Les extraits cités sont issus de Métamorphoses de l’âme et ses symboles, CG. Jung, Georg Editeur SA, Le livre de poche, 1993.
28.1 – Moitiés
La sexualité est le moyen naturel et nécessaire de toute vie, et tout ce qui vit a tendance à se reproduire dans un sens de conservation de l’espèce. Les plantes, les animaux vivent cela sans se poser de question (acceptons cette hypothèse de réflexion pour l’instant et sans préjuger du niveau de conscience que peut avoir toute créature…). Pour l’être humain, il en va différemment, parce qu’il réfléchit, raisonne, juge et que dans sa nature il peut aller avec ou contre les lois biologiques. La concordance entre l’instinct et la volonté ou le désir n’est pas toujours (souvent?) réalisée.
« La sexualité qui est un des instincts les plus importants, forme le fond et la cause d’innombrables affects qui, on le sait, exercent sur la langue une influence des plus tenaces. Mais on ne peut identifier affects et sexualité parce qu’ils peuvent provenir d’une quelconque situation conflictuelle: par exemple l’instinct de conservation est aussi une source de nombreuses émotions. » (p.54)

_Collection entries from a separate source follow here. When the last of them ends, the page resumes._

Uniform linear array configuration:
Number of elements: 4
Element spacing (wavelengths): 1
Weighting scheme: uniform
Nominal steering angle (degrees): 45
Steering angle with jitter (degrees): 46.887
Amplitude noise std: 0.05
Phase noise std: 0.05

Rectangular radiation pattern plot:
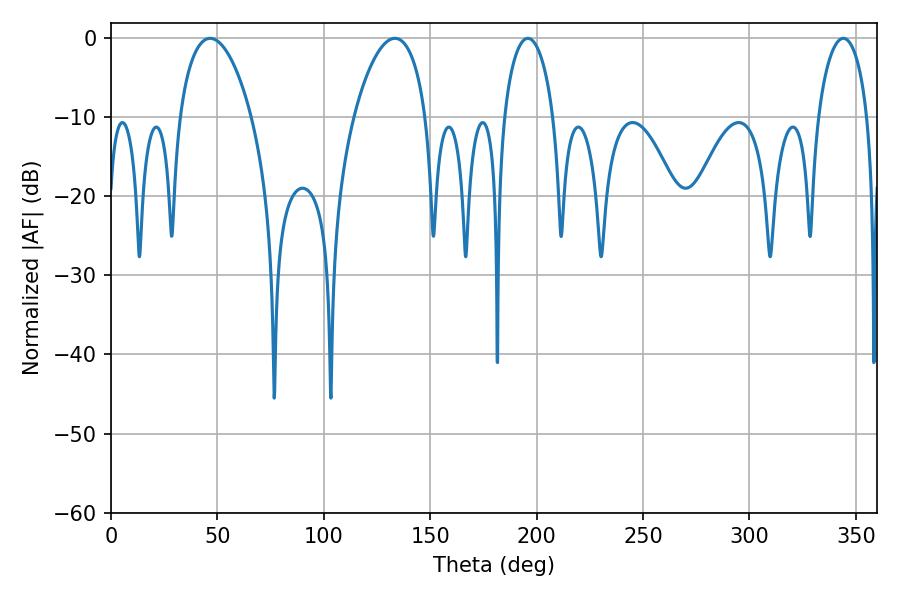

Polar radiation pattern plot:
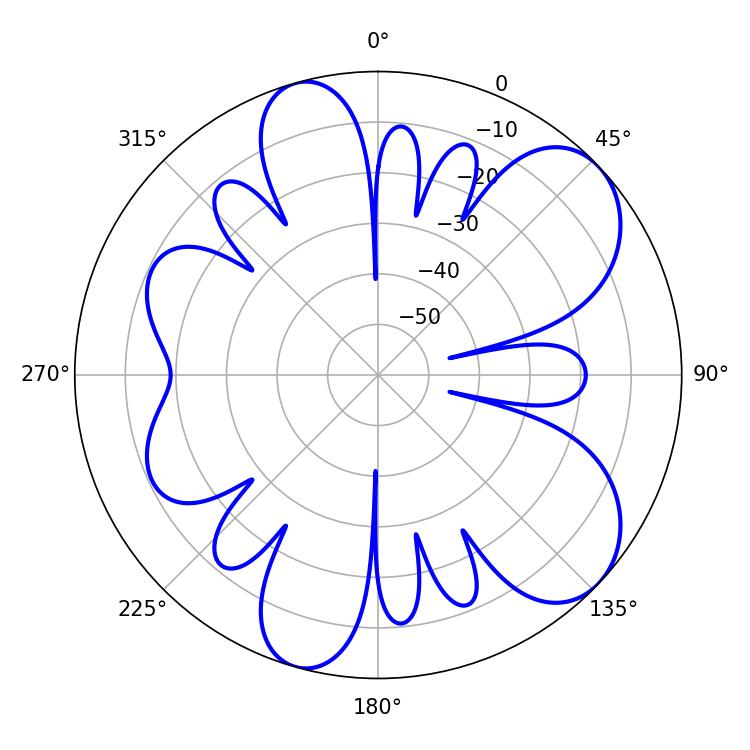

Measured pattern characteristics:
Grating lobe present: TRUE
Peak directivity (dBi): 7.928
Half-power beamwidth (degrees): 19.26
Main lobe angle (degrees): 46.62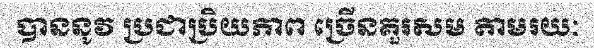
បាននូវ ប្រជាប្រិយភាព ច្រើនគួរសម តាមរយៈ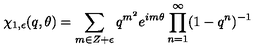
\chi _ { 1 , \epsilon } ( q , \theta ) = \sum _ { m \in Z + \epsilon } q ^ { m ^ { 2 } } e ^ { i m \theta } \prod _ { n = 1 } ^ { \infty } ( 1 - q ^ { n } ) ^ { - 1 }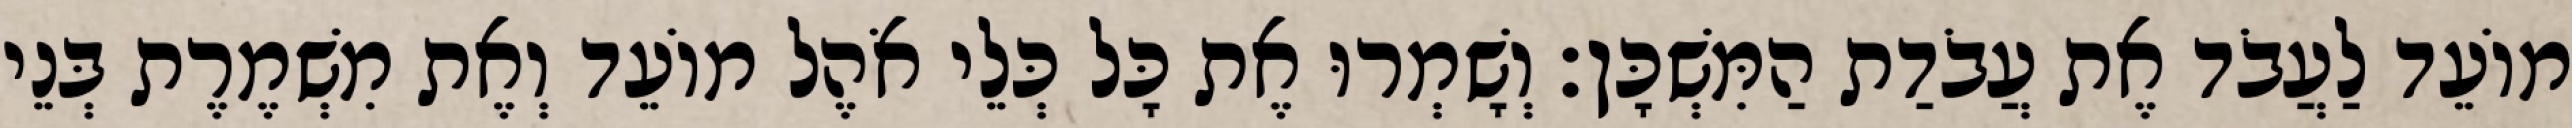
מוֹעֵד לַעֲבֹד אֶת עֲבֹדַת הַמִּשְׁכָּן׃ וְשָׁמְרוּ אֶת כָּל כְּלֵי אֹהֶל מוֹעֵד וְאֶת מִשְׁמֶרֶת בְּנֵי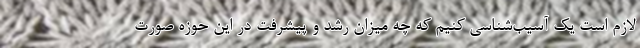
لازم است یک آسیب‌شناسی کنیم که چه میزان رشد و پیشرفت در این حوزه صورت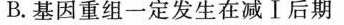
B.基因重组一定发生在减Ⅰ后期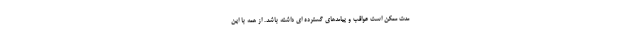
مدت ممکن است عواقب و پیامدهای گسترده ای داشته باشد. از همه با این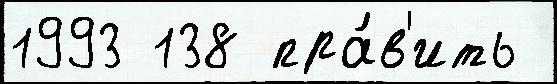
1993 138 пра́в'ить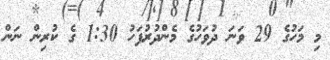
މި މަހުގެ 29 ވަނަ ދުވަހުގެ މެންދުރުފަހު 1:30 ގެ ކުރިން ނަން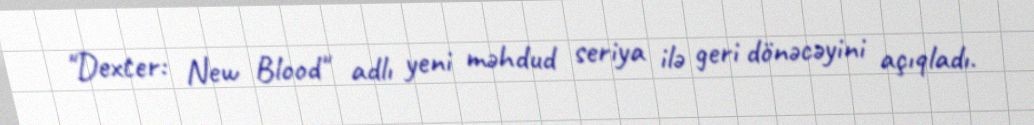
"Dexter: New Blood" adlı yeni məhdud seriya ilə geri dönəcəyini açıqladı.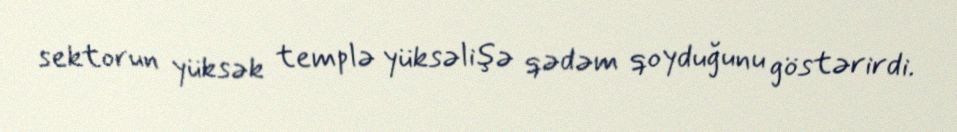
sektorun yüksək templə yüksəlişə qədəm qoyduğunu göstərirdi.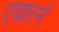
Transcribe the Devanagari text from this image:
एकार्न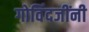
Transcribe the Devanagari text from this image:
गोविंदजींनी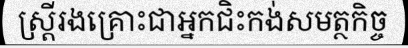
ស្ត្រីរងគ្រោះជាអ្នកជិះកង់សមត្ថកិច្ច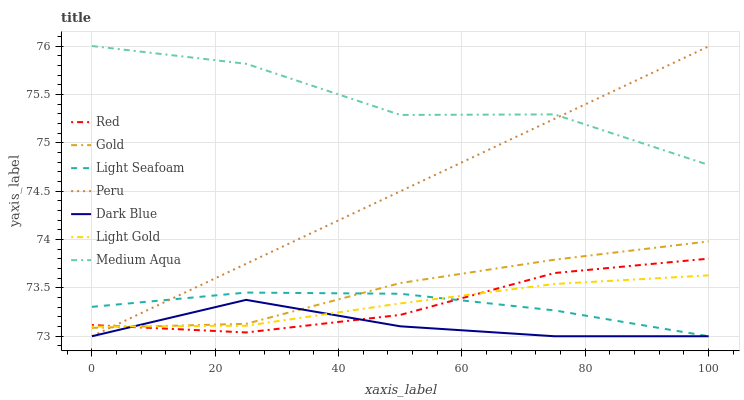
| xaxis_label | Red | Gold | Light Seafoam | Peru | Dark Blue | Light Gold | Medium Aqua |
 | --- | --- | --- | --- | --- | --- | --- | --- |
 | 0 | 73.1 | 73.1 | 73.3 | 73 | 73 | 73.1 | 76 |
 | 25 | 73 | 73.1 | 73.5 | 73.7 | 73.4 | 73.1 | 75.8 |
 | 50 | 73.2 | 73.6 | 73.4 | 74.5 | 73.1 | 73.3 | 75.3 |
 | 75 | 73.7 | 73.8 | 73.3 | 75.2 | 73 | 73.5 | 75.3 |
 | 100 | 73.8 | 74 | 73 | 76 | 73 | 73.6 | 74.8 |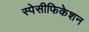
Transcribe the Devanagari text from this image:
स्पेसीफिकेशन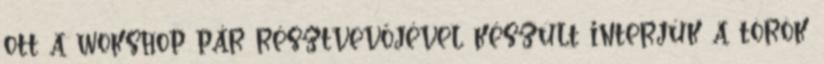
ott a wokshop pár résztvevőjével készült interjúk a török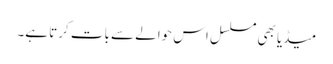
میڈیا بھی مسلسل اس حوالے سے بات کرتا ہے۔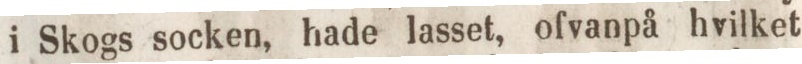
i Skogs socken, hade lasset, ofvanpå hvilket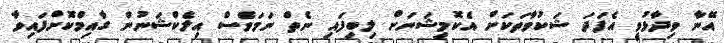
އޭނާ ވިދާޅުވީ އެފަދަ ޝަކުވާތަކަށް އެކޮމިޝަނަށް ލިބިފައި ނެތް ނަމަވެސް އިލެކްޝަނުން ގާއިމްކޮށްފައިވާ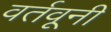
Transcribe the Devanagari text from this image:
वर्तवूनी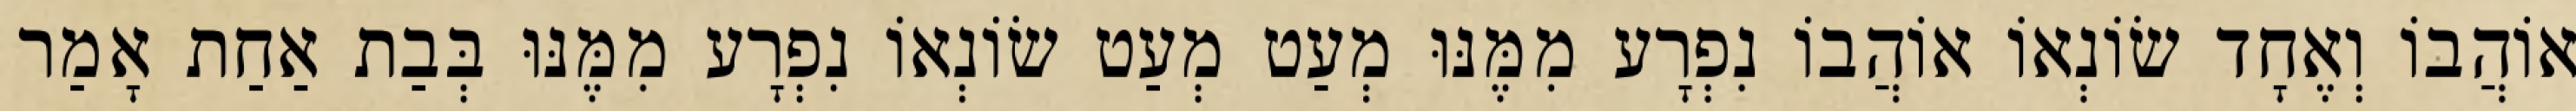
אוֹהֲבוֹ וְאֶחָד שׂוֹנְאוֹ אוֹהֲבוֹ נִפְרָע מִמֶּנּוּ מְעַט מְעַט שׂוֹנְאוֹ נִפְרָע מִמֶּנּוּ בְּבַת אַחַת אָמַר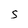
Character: S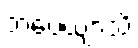
ဘဝေယျာသိ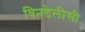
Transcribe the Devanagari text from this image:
विनडेलीसी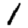
Digit: 1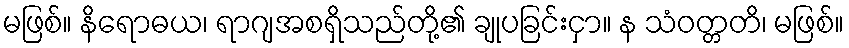
မဖြစ်။ နိရောဓယ၊ ရာဂျအစရှိသည်တို့၏ ချုပခြင်းငှာ။ န သံဝတ္တတိ၊ မဖြစ်။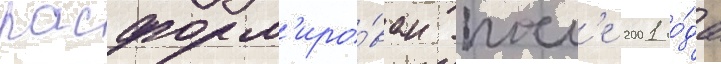
расформ'иро́ван посл'е 2001 го́да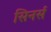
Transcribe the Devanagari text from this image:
सिनर्स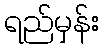
ရည်မှန်း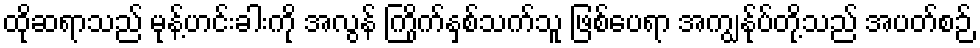
ထိုဆရာသည် မုန့်ဟင်းခါးကို အလွန် ကြိုက်နှစ်သက်သူ ဖြစ်ပေရာ အကျွန်ုပ်တို့သည် အပတ်စဉ်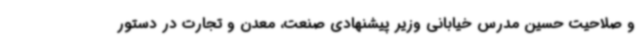
و صلاحیت حسین مدرس خیابانی وزیر پیشنهادی صنعت، معدن و تجارت در دستور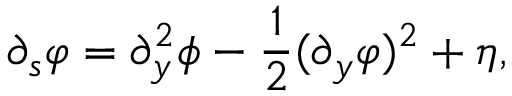
\partial _ { s } \varphi = \partial _ { y } ^ { 2 } \phi - \frac { 1 } { 2 } ( \partial _ { y } \varphi ) ^ { 2 } + \eta ,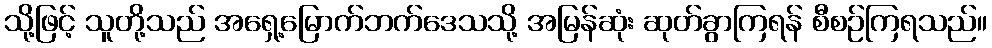
သို့ဖြင့် သူတို့သည် အရှေ့မြောက်ဘက်ဒေသသို့ အမြန်ဆုံး ဆုတ်ခွာကြရန် စီစဉ်ကြရသည်။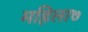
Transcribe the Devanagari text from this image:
महिला७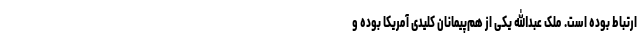
ارتباط بوده است. ملک عبدالله یکی از هم‌پیمانان کلیدی آمریکا بوده و

Pour Jung, même si la sexualité a beaucoup d’importance et même s’il est en accord avec un grand nombre d’idées de Freud, elle reste un facteur partiel, la moitié inférieure de la question. La moitié supérieure concerne « la création idéale au lieu de la création réelle » (p.113). La fécondité spirituelle est digne des plus hautes espérances et nécessaire pour bien des gens:
« L’attitude réservée que je pris dans la préface à ma Psychologie de la démence précoce vis-à-vis de la théorie sexuelle, tout en reconnaissant les mécanismes psychologiques indiqués par Freud, était dictée par la place qu’avait prise alors la théorie de la libido, dont la conception ne me permettait pas d’expliquer par une théorie unilatéralement sexualiste des troubles fonctionnels touchant tout autant le domaine d’autres tendances que celui de la sexualité. À la place de la théorie sexuelles des Trois essais sur la Théorie sexuelle, une conception énergétique me parut plus convenable. Elle me permit d’identifier l’expression « énergie psychique » et le terme « libido » (p.242).
28.2 – Déplacement de la libido
Chez l’enfant la libido est d’abord concentrée sur la fonction nutritive, car l’acte de téter est lié à des mouvements rythmiques permettant de prendre la nourriture. Dans cette période apparaît un autre mouvement rythmique agréable dans le domaine de la motricité ( bras, jambes, trépignement ). En grandissant, les organes de l’individu se forment, et la libido déplace l’activité rythmique vers d’autres fonctions, « le but final provisoire et partiel » étant dans la sexualité. Une part considérable de l’énergie de nutrition et de croissance se transpose en libido sexuelle, et ce passage se fait progressivement durant la plus grande partie de l’enfance. « Au cours de sa mutation, la libido entraîne avec elle des éléments de la phase nutritive dans ses nouveaux domaines d’application, ce qui permet d’expliquer les nombreuses et profondes liaisons entre la fonction de nutrition et la fonction sexuelle » (p.255).